Pseuduvaria pamattonis is a species of plant in the family Annonaceae. It is native to Borneo and the Philippines. Friedrich Miquel, the Dutch botanist who first formally described the species using the basionym Orophea pamattonis, named it after a mountain in Borneo called Gunung Pamaton.

==Description==
It is a tree reaching 22 m in height. The young, yellow to gray-brown branches are slightly to densely hairy and also have sparse lenticels. Its egg-shaped to elliptical, slightly leathery to leathery leaves are 9-20 cm by 3-7.5 cm centimeters. The leaves have pointed to blunt bases and tapering tips, with the tapering portion 8–24 millimeters long. The leaves are hairless on their upper and lower surfaces. The leaves have 10–16 pairs of secondary veins emanating from their midribs. Its sparsely to very densely hairy petioles are 4–13 by 1–2.5 millimeters with a broad groove on their upper side. Its Inflorescences occur in groups of 2–7 on branches, and are organized on indistinct peduncles. Each inflorescence has 1–2 flowers. Each flower is on a densely hairy pedicel that is 4–11 by 0.3–0.7 millimeters. The pedicels are organized on a rachis up to 5 millimeters long that have 2 bracts. The pedicels have a medial, sparsely hairy bract that is 0.2–1 millimeters long. Its flowers are unisexual. Its flowers have 3 free, oval sepals, that are 0.5–1.5 by 0.7–2 millimeters. The sepals are hairless on their upper surface, sparsely to densely hairy on their lower surface, and hairy at their margins.

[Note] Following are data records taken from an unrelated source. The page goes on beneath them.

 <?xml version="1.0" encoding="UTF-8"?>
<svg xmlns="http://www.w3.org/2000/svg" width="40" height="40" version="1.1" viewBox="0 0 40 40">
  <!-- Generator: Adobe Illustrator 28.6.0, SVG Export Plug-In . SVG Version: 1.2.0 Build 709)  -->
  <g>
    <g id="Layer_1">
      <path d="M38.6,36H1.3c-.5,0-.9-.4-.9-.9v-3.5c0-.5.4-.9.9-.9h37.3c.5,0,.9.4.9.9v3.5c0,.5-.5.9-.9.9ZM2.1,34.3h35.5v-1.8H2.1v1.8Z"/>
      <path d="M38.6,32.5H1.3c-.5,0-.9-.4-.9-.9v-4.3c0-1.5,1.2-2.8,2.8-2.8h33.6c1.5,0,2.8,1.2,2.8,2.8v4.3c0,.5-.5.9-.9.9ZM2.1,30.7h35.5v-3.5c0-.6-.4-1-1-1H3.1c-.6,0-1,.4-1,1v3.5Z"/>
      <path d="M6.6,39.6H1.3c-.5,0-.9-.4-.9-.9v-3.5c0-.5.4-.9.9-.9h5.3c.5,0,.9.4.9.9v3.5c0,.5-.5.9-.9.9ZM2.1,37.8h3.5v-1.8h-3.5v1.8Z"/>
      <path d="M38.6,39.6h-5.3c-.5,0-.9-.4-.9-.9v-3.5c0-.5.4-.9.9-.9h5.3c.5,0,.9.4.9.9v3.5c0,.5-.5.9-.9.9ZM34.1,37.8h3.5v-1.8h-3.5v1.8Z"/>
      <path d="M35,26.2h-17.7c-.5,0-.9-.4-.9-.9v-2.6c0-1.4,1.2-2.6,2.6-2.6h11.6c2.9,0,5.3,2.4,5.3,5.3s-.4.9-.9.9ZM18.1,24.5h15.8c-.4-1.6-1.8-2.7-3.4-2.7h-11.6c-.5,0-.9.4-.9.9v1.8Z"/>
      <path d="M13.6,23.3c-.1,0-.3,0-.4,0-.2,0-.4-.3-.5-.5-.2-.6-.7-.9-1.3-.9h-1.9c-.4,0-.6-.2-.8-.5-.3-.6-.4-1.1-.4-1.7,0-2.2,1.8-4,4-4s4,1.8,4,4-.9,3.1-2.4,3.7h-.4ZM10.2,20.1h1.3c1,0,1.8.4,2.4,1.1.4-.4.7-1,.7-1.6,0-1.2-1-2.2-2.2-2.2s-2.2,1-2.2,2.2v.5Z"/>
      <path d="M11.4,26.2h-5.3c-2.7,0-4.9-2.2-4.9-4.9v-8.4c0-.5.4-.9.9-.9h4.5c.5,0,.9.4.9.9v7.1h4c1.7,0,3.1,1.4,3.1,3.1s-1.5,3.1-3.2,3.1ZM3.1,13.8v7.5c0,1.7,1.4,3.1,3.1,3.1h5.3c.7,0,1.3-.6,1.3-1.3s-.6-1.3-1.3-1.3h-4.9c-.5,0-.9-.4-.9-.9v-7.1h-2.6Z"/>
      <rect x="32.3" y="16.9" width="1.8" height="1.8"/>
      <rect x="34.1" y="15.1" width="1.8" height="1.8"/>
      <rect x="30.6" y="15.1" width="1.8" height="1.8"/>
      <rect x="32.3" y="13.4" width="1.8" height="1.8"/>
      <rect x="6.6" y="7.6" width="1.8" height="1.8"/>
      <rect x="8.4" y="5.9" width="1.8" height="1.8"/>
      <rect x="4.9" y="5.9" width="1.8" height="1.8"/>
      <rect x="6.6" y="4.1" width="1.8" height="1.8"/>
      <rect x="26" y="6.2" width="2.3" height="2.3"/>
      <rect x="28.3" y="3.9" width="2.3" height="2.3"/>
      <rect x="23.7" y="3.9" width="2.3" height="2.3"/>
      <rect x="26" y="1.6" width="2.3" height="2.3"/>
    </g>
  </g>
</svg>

Its 6 petals are arranged in two rows of 3. The white to yellow, oval, outer petals are 1–2 by 1–2 millimeters with hairless upper and densely hairy lower surfaces. The white to yellow, heart-shaped to diamond-shaped, inner petals have a 2–7 millimeter long claw at their base and a 4–10 by 2–5 millimeter blade. The tips of the male flowers have two concave sides while those of the female flowers are pointed. The bases of the male flowers are heart-shaped to flat while those of the female flowers are flat. The inner petals are densely hairy on their upper and lower surfaces. Male flowers have 30–45 stamens that are 0.5–0.8 by 0.4–0.6 millimeters. Female flowers have 6–7 carpels that are 1.4–1.6 by 0.6–0.9 millimeters. Each carpel has 3–5 ovules arranged in two rows. The female flowers have up to 6 sterile stamens. The fruit occur in clusters of 1–5 on sparsely to densely hairy pedicles that are 9–13 by 1–2.5 millimeters. The brown, globe-shaped fruit are 12–21 by 11–18 millimeters. The fruit are smooth, and very densely hairy. Each fruit has 3–5 hemispherical to lens-shaped seeds that are 9–11.5 by 6.5–9 by 2- millimeters. The seeds are wrinkly.

===Reproductive biology===
The pollen of P. pamattonis is shed as permanent tetrads.

==Habitat and distribution==
It has been observed growing in limestone and clay soils in lowland and mountain forests at elevations of 70-670 m.